Succede ieri. Sto scorrendo le notizie, sui giornali e sui social e vedo un video che mi fa imbestialire.

Mentre Enrico Letta dice che in Italia la comunità ucraina è formata da centinaia di migliaia di persone che si sono integrate nel paese, i giornalisti Lucia Annunziata e Antonio Di Bella commentano da studio, e senza accorgersi che il microfono è rimasto aperto, chiosando: “centinaia di cameriere… e badanti” “…e amanti”.

Io mi sento offesa non tanto in quanto ucraina, ma in quanto studentessa universitaria  al quarto anno di Giurisprudenza, che volendo mantenersi da sola ha fatto molti lavori, tra cui la cameriera.

Annunziata assume forse che un lavoro sia meno nobile di un altro, o meno utile?

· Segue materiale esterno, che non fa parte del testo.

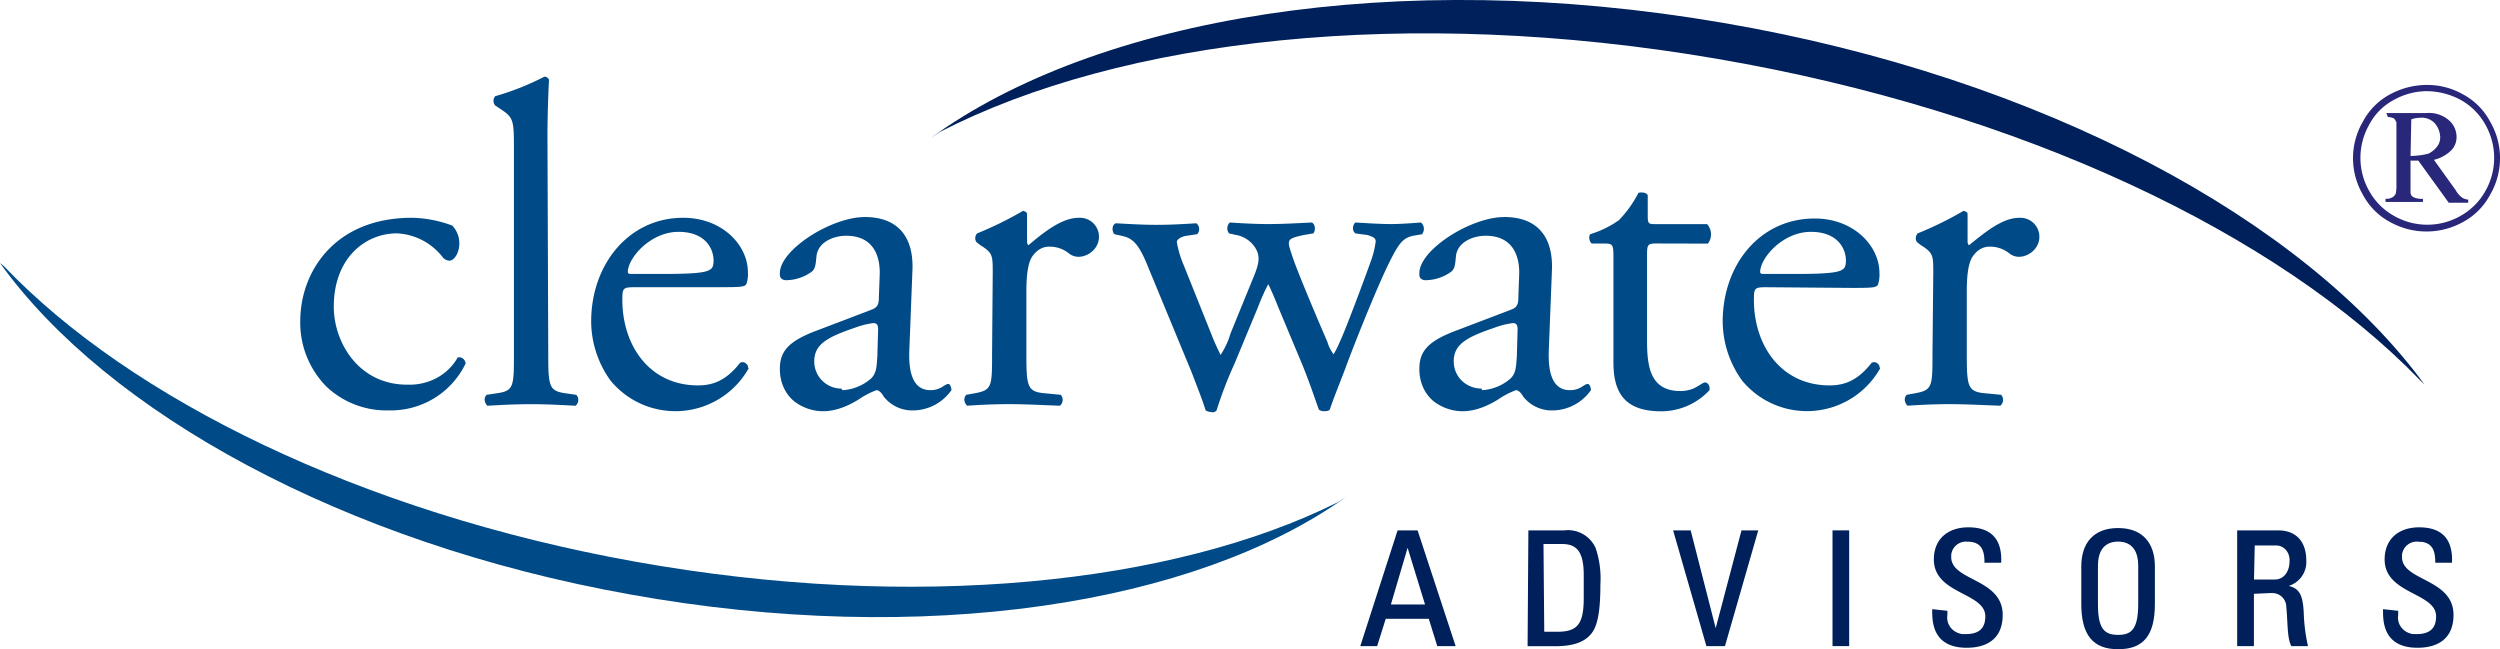 <?xml version="1.0" encoding="UTF-8"?> <svg xmlns="http://www.w3.org/2000/svg" id="Layer_1" data-name="Layer 1" viewBox="0 0 1342.08 348.52"><defs><style>.cls-1,.cls-3{fill:#00205b;}.cls-2{fill:#004b87;}.cls-3{stroke:#00205b;}.cls-4{fill:#292779;}</style></defs><title>Clearwater_Logo_Larger</title><path class="cls-1" d="M1298.14,205.3C1222.37,127,1084.63,60.86,920.52,32.81c-165.78-28.46-319.43-10.88-417,39.36l-5,3.35c89.18-64.9,249.94-92.11,425.35-62,171.65,29.3,312.31,105.91,376.78,194.25Z" transform="translate(0.93 -1.29)"></path><path class="cls-2" d="M1.17,144.17C69,215.34,192.91,276.47,340.27,302.84,489.73,329.64,628.72,315,717.06,271l4.6-2.93c-80.8,57.78-226.49,80.8-384.32,52.34C182.86,292.79,56.43,222.46-.93,142.5Z" transform="translate(0.93 -1.29)"></path><path class="cls-2" d="M241.89,122.4a14,14,0,0,1,3.77,9.63c0,4.61-2.51,9.21-5.44,9.21a5.13,5.13,0,0,1-3.35-1.67,33,33,0,0,0-24.7-13c-17.17,0-33.91,13.4-33.91,39.35,0,19.26,13.39,41.87,39.35,41.87,11.3.42,21.77-5,27.21-14.65a3.54,3.54,0,0,1,4.19,3.35h0a44.53,44.53,0,0,1-41,25.11,47.05,47.05,0,0,1-33.49-12.56,48.89,48.89,0,0,1-14.24-36.42c.42-25.95,18.84-54.42,59.87-54.42A64.86,64.86,0,0,1,241.89,122.4Z" transform="translate(0.93 -1.29)"></path><path class="cls-2" d="M293.39,191.06c0,17.59.41,20.1,9.21,21.35l5.86.84a4.05,4.05,0,0,1-.42,5.86h0c-8-.42-15.07-.84-23.87-.84s-16.32.42-23.44.84c-1.67-1.67-2.09-4.18-.42-5.86h0l5.44-.84c9.21-1.25,9.21-3.76,9.21-21.35V80.12c0-14.65-.41-15.91-7.53-20.51l-2.51-1.68a3.8,3.8,0,0,1,0-5,143.73,143.73,0,0,0,26.37-10.47,2.59,2.59,0,0,1,2.51,1.68c-.41,7.53-.83,19.67-.83,30.56Z" transform="translate(0.93 -1.29)"></path><path class="cls-2" d="M339.86,155.48c-6.28,0-6.7.42-6.7,6.7,0,24.7,14.65,46,40.61,46,8,0,15.07-2.51,22.6-12.14,1.68-.84,3.35,0,4.19,1.67A1.54,1.54,0,0,0,401,199a45.14,45.14,0,0,1-74.1,6.7,54.62,54.62,0,0,1-10.47-31.82c0-30.56,20.1-55.68,49.4-55.68,20.93,0,34.75,14.65,34.75,29.3a16.2,16.2,0,0,1-.84,6.28c-.84,1.68-4.18,1.68-14.65,1.68Zm15.07-7.12c18,0,23.44-.84,25.53-2.51.84-.42,1.68-1.68,1.68-4.61,0-6.69-4.61-15.49-18.84-15.49-14.65,0-26.79,13.4-27.21,21.35,0,.42,0,1.26,1.67,1.26Z" transform="translate(0.93 -1.29)"></path><path class="cls-2" d="M466.71,167.62c3.76-1.26,4.18-3.35,4.18-7.12l.42-11.3c.42-9.21-2.51-21.35-18-21.35-6.7,0-15.07,3.35-15.91,10.88-.42,3.77-.42,6.7-2.51,8.37a23.73,23.73,0,0,1-13.82,4.61c-1.67,0-3.35-.84-3.35-2.93v-.84c0-12.56,27.63-30.14,45.64-30.14,17.58,0,26.37,10.47,25.53,28.89l-1.67,42.7c-.42,11.3,1.67,21.35,11.3,21.35a11.76,11.76,0,0,0,6.28-1.68c1.26-.83,2.51-1.67,3.35-1.67s1.68,1.67,1.68,3.35a25.41,25.41,0,0,1-20.52,10.88,19.46,19.46,0,0,1-15.91-7.53c-.83-1.68-2.51-3.35-3.76-3.35a42.44,42.44,0,0,0-9.63,5c-5.45,3.35-11.31,5.86-17.59,6.28a25.51,25.51,0,0,1-17.16-5.44c-5-4.19-7.54-10.47-7.54-17.16,0-9.63,4.61-15.08,20.52-20.94Zm-15.08,43.12a25.54,25.54,0,0,0,15.08-6.28c2.93-2.93,2.93-6.28,3.34-11.72l.42-14.66c0-2.51-.83-3.34-2.51-3.34a43.52,43.52,0,0,0-10,2.51c-14.65,5-21.77,8.79-21.77,18A14.56,14.56,0,0,0,450.8,209.9c.42.84.42.84.83.84Z" transform="translate(0.93 -1.29)"></path><path class="cls-2" d="M532,147.94c0-9.63,0-10.88-6.7-15.07l-2.1-1.67a3.83,3.83,0,0,1,.42-4.61,192.76,192.76,0,0,0,24.7-12.14c1.26.42,2.1.84,2.1,1.67v14.66c0,1.25.41,2.09.83,2.09,8.38-7.12,18-14.65,26.8-14.65A10.22,10.22,0,0,1,589,127.43v.42c.42,5.86-4.6,10.88-10.47,11.3h0a8.45,8.45,0,0,1-5.44-1.67,16.35,16.35,0,0,0-10.88-3.77c-3.77,0-6.7,2.09-8.79,5-2.52,3.35-3.35,10.47-3.35,18.84v33.49c0,17.59.42,20.52,9.63,21.35l8.79.84a4.05,4.05,0,0,1-.42,5.86h0c-11.72-.42-18.84-.84-27.21-.84-8.8,0-16.33.42-22.61.84-1.68-1.67-2.09-4.18-.42-5.86h0l4.61-.84c9.21-1.67,9.21-3.76,9.21-21.35Z" transform="translate(0.93 -1.29)"></path><path class="cls-2" d="M615.74,145.43c-5.44-13.82-8.79-16.33-14.65-17.58l-3.77-.84c-1.25-1.26-1.67-5,.84-5.86,7.54.42,14.65.84,21.77.84,7.54,0,14.65-.42,21.35-.84a4,4,0,0,1,.84,5.44l-.42.42-5.44.84c-3.35.42-5.44,2.09-5.44,3.35a55.09,55.09,0,0,0,3.76,12.56l15.08,37.67c2.09,5.45,4.6,10,4.6,10.47a42.55,42.55,0,0,0,5.44-11.72l12.14-29.73c3.35-7.95,3.35-10.88,2.1-14.23a15.22,15.22,0,0,0-11.31-8.79l-3.76-.84a4.39,4.39,0,0,1,0-5.44l.41-.42c6.28.42,13.82.84,20.52.84,7.53,0,15.07-.42,23.44-.84,2.1.84,2.1,4.6.84,5.86l-5,.84c-9.63,2.09-9.21,2.51-6.28,11.3,2.51,8,15.9,39.35,18.84,46.05a20.07,20.07,0,0,0,3.34,6.7,48.13,48.13,0,0,0,3.35-6.7c3.35-7.11,13-33.07,16.75-43.54a47.37,47.37,0,0,0,2.51-10.46c0-1.68-1.67-2.51-4.6-3.35l-6.28-.84c-1.68-1.26-1.68-3.77-.42-5.44l.42-.42c7.11.42,13.39.84,19.25.84,4.61,0,10.47-.42,15.91-.84a4.42,4.42,0,0,1,.84,5.86V127l-5,.84c-5.86,1.25-8,4.6-13.4,15.49-6.7,13.81-18.42,43.12-23,55.68-3.34,8.79-6.28,15.91-8.37,22.19-.84.83-2.09.83-3.35.83a4.54,4.54,0,0,1-2.51-.83c-1.67-4.61-5.86-17.17-10-26.8l-11.72-28c-1.67-4.18-3.35-8.37-5.44-12.56a105.42,105.42,0,0,0-5.44,12.14L661.8,196.51a214.92,214.92,0,0,0-9.63,25.11,2.59,2.59,0,0,1-2.93.84,6,6,0,0,1-2.93-.84c-1.68-5.44-4.19-11.72-7.54-20.51Z" transform="translate(0.93 -1.29)"></path><path class="cls-2" d="M810,167.62c3.77-1.26,4.18-3.35,4.18-7.12l.42-11.3c.42-9.21-2.51-21.35-18-21.35-6.7,0-15.07,3.35-15.91,10.88-.42,3.77-.42,6.7-2.51,8.37a23.73,23.73,0,0,1-13.81,4.61c-1.68,0-3.35-.84-3.35-2.93v-.84c0-12.56,27.63-30.14,45.63-30.14,17.58,0,26.37,10.47,25.54,28.89l-1.68,42.7c-.42,11.3,1.68,21.35,11.31,21.35a11.75,11.75,0,0,0,6.27-1.68c1.26-.83,2.52-1.67,3.35-1.67s1.68,1.67,1.68,3.35a25.41,25.41,0,0,1-20.52,10.88,19.44,19.44,0,0,1-15.9-7.53c-.84-1.68-2.52-3.35-3.77-3.35a42.44,42.44,0,0,0-9.63,5c-5.44,3.35-11.3,5.86-17.58,6.28a25.55,25.55,0,0,1-17.17-5.44c-5-4.19-7.53-10.47-7.53-17.16,0-9.63,4.6-15.08,20.51-20.94Zm-15.07,43.12A25.53,25.53,0,0,0,810,204.46c2.93-2.93,2.93-6.28,3.35-11.72l.42-14.66c0-2.51-.84-3.34-2.52-3.34a43.44,43.44,0,0,0-10,2.51c-14.66,5-21.77,8.79-21.77,18,0,8.37,6.69,14.65,15.07,14.65,0,.84,0,.84.42.84Z" transform="translate(0.93 -1.29)"></path><path class="cls-2" d="M887.87,132c-4.19,0-4.61.84-4.61,5.86V184c0,14.23,1.68,27.21,18,27.21a18.88,18.88,0,0,0,6.7-1.26c2.09-.84,5.44-3.35,6.28-3.35,2.09,0,2.93,2.51,2.51,4.19a35.44,35.44,0,0,1-26,11.3c-20.94,0-25.54-11.72-25.54-26.37V139.15c0-6.7-.42-7.12-5-7.12h-6.7a4.44,4.44,0,0,1-.84-5,53.4,53.4,0,0,0,15.49-7.54,61.81,61.81,0,0,0,10.47-14.65c1.25-.42,4.18-.42,5,1.26V117c0,4.61.42,4.61,4.61,4.61H915.5a8.2,8.2,0,0,1,.42,10.46Z" transform="translate(0.93 -1.29)"></path><path class="cls-2" d="M947.31,155.48c-6.27,0-6.69.42-6.69,6.7,0,24.7,14.65,46,40.61,46,7.95,0,15.07-2.51,22.6-12.14,1.68-.84,3.35,0,4.19,1.67a1.54,1.54,0,0,0,.42,1.26,45.14,45.14,0,0,1-74.1,6.7,54.62,54.62,0,0,1-10.47-31.82c0-30.14,19.68-55.26,49.4-55.26,20.93,0,34.75,14.65,34.75,29.3a16.2,16.2,0,0,1-.84,6.28c-.84,1.68-4.18,1.68-14.65,1.68Zm15.49-7.12c18,0,23.45-.84,25.54-2.51.84-.42,1.68-1.68,1.68-4.61,0-6.69-4.61-15.49-18.84-15.49-14.65,0-26.8,13.4-27.21,21.35,0,.42,0,1.26,1.67,1.26Z" transform="translate(0.93 -1.29)"></path><path class="cls-2" d="M1036.91,147.94c0-9.63,0-10.88-6.7-15.07l-2.1-1.67a3.83,3.83,0,0,1,.42-4.61,192.76,192.76,0,0,0,24.7-12.14c1.26.42,2.1.84,2.1,1.67v14.66c0,1.25.41,2.09.83,2.09,8.8-7.12,18-14.65,26.8-14.65a10.22,10.22,0,0,1,10.88,9.21v.42c.42,5.86-4.6,10.88-10.46,11.3h0a8.46,8.46,0,0,1-5.45-1.67,16.35,16.35,0,0,0-10.88-3.77c-3.77,0-6.7,2.09-8.79,5-2.52,3.35-3.35,10.47-3.35,18.84v33.49c0,17.59.42,20.52,9.63,21.35l8.79.84a4.05,4.05,0,0,1-.42,5.86h0c-11.72-.42-18.84-.84-27.21-.84-8.79,0-16.33.42-22.61.84-1.67-1.67-2.09-4.18-.42-5.86h0l4.61-.84c9.21-1.67,9.21-3.76,9.21-21.35Z" transform="translate(0.93 -1.29)"></path><path class="cls-3" d="M749.71,286.51h10l20.1,61.13h-8.8L766.46,333H742.6L738,347.64h-8Zm5,7.12h0l-9.63,32.66h19.67Z" transform="translate(0.93 -1.29)"></path><path class="cls-3" d="M820.05,286.51h18.83a15.76,15.76,0,0,1,16.33,9.21A50.78,50.78,0,0,1,857.72,315c0,13-1.25,20.52-3.76,24.7-3.35,5.45-9.63,8-20.1,8H819.63Zm7.53,54.43h7.54c10.88,0,14.65-4.19,14.65-18.42V310c0-12.56-3.77-17.17-12.14-17.17H827.16l.42,48.15Z" transform="translate(0.93 -1.29)"></path><path class="cls-3" d="M924.71,347.64H915.5l-17.59-61.13h8.38l13.81,54h0l14.24-54h7.95Z" transform="translate(0.93 -1.29)"></path><path class="cls-3" d="M991.27,347.64h-7.95V286.51h7.95Z" transform="translate(0.93 -1.29)"></path><path class="cls-3" d="M1044,329.64v1.67c-.83,5.44,2.93,10.05,8.38,10.88h2.09c6.28,0,10.88-2.51,10.88-10,0-13.4-27.63-12.14-27.63-30.56,0-10.89,7.54-16.75,18-16.75,11.31,0,17.59,5.44,17.17,18h-8c0-6.7-2.1-11.3-9.63-11.3a8.44,8.44,0,0,0-9.21,7.53v1.26c0,13.4,27.63,11.72,27.63,31,0,13-8.79,17.16-18.84,17.16-18,0-18-13.81-18-19.67Z" transform="translate(0.93 -1.29)"></path><path class="cls-3" d="M1116.87,325.45v-20.1c0-12.14,6.28-20.09,19.26-20.09s19.25,7.95,19.25,20.09v20.1c0,17.16-6.28,23.86-19.25,23.86S1116.87,342.19,1116.87,325.45Zm30.56,0V304.94c0-13-8.79-13.4-11.3-13.4s-11.31.42-11.31,13.4v20.93c0,13.39,3.77,16.74,11.31,16.74s11.3-3.35,11.3-17.16Z" transform="translate(0.93 -1.29)"></path><path class="cls-3" d="M1208.55,319.59v28.05h-8V286.51H1222c10.88,0,14.65,7.54,14.65,15.49a12.92,12.92,0,0,1-11.3,13.82h0c7.11,1.26,9.63,3.35,10,15.91a95.93,95.93,0,0,0,2.09,15.91h-8c-2.09-4.19-1.67-12.14-2.51-20.52a8,8,0,0,0-8.37-7.95h-.84Zm0-6.7h11.72c5.45,0,8.38-5,8.38-10.05.42-4.6-2.52-8.79-7.12-9.21H1209l-.42,19.26Z" transform="translate(0.93 -1.29)"></path><path class="cls-3" d="M1286,329.64v1.67c-.84,5.44,2.93,10.05,8.37,10.88h2.1c6.28,0,10.88-2.51,10.88-10,0-13.4-27.63-12.14-27.63-30.56,0-10.89,7.54-16.75,18-16.75,11.31,0,17.59,5.44,17.17,18h-8c0-6.7-2.09-11.3-9.62-11.3a8.45,8.45,0,0,0-9.22,7.53v1.26c0,13.4,27.64,11.72,27.64,31,0,13-8.8,17.16-18.84,17.16-18,0-18-13.81-18-19.67Z" transform="translate(0.93 -1.29)"></path><path class="cls-4" d="M1301.91,46.88a38.89,38.89,0,0,1,19.26,5,35.31,35.31,0,0,1,14.65,14.65,38.92,38.92,0,0,1,0,39.35,35.33,35.33,0,0,1-14.65,14.66,40.23,40.23,0,0,1-38.94,0,35.33,35.33,0,0,1-14.65-14.66,38.92,38.92,0,0,1,0-39.35,35.31,35.31,0,0,1,14.65-14.65A41.68,41.68,0,0,1,1301.91,46.88Zm0,3.35a36.7,36.7,0,0,0-17.58,4.61,31.73,31.73,0,0,0-13.4,13.4,36,36,0,0,0,0,35.58,34.37,34.37,0,0,0,13.4,13.4,36,36,0,0,0,35.58,0,34.37,34.37,0,0,0,13.4-13.4,36,36,0,0,0,0-35.58,34.31,34.31,0,0,0-13.4-13.4,39.66,39.66,0,0,0-18-4.61ZM1280.14,62h21.35a16.26,16.26,0,0,1,12.14,3.76,11.82,11.82,0,0,1,4.19,8.8,10.08,10.08,0,0,1-2.93,7.53,19.89,19.89,0,0,1-9.21,5l11.72,16.33a11.85,11.85,0,0,0,3.77,4.19,7.74,7.74,0,0,0,2.93.84v1.67h-10.47l-16.32-22.61h-4.19v17.17a2.84,2.84,0,0,0,1.67,2.51,10.61,10.61,0,0,0,5,.84v1.67h-20.1V108a6.21,6.21,0,0,0,3.77-.84c.84-.42,1.26-1.26,1.67-1.67a20.37,20.37,0,0,0,.42-5V67a9.1,9.1,0,0,0-1.25-2.09,9.89,9.89,0,0,0-3.35-.84Zm13,23a38.34,38.34,0,0,0,9.63-1.25,13.15,13.15,0,0,0,4.6-3.77,8,8,0,0,0,1.68-5,12,12,0,0,0-2.93-7.53,9.57,9.57,0,0,0-8-2.93,15,15,0,0,0-4.6.84Z" transform="translate(0.93 -1.29)"></path></svg>

Senza qualcuno che sistema la casa, e magari si prende cura dei bambini, molte donne italiane non potrebbero fare altri lavori.

Senza le badanti non ci sarebbe qualcuno che si prende cura degli anziani italiani.

Dico “cura” non a caso. Perché per moltissime non è semplicemente “un lavoro”.

In passato mi è capitato più di una volta di andare da nonna viaggiando sui pulmini.

Si viaggia in nove persone, che per tornare dai loro cari restano ammassate per per 24 o 48 ore, in base al traffico e alla dogana.

Restando così stretti, e così a lungo, è normale parlare e fare amicizia. Per la maggior parte le donne che viaggiano sono badanti.

Mi ricordo in particolare, e come se lo sentissi adesso, un dialogo tra due signore che parlavano del loro lavoro e degli anziani come dei “i loro anziani”, con un tono di affetto.

“Da quanto tempo manchi dall’Ucraina?”

“Eh saranno almeno 4 anni, sai, il lavoro.”

“Quanto pensi di fermarti?”

“Non molto, un paio di settimane al massimo. Devo tornare dal mio vecchietto, che senza di me non so come si prenderanno cura di lui. Sono un paio d’anni che è fermo a letto. Lo faccio ridere, passiamo il giorno insieme, gli cucino quello che gli piace e non lo faccio sentire abbandonato.”

 

E domani?

È ancora da scrivere, lo possiamo fare insieme, lo dobbiamo fare insieme. Non abbandonateci.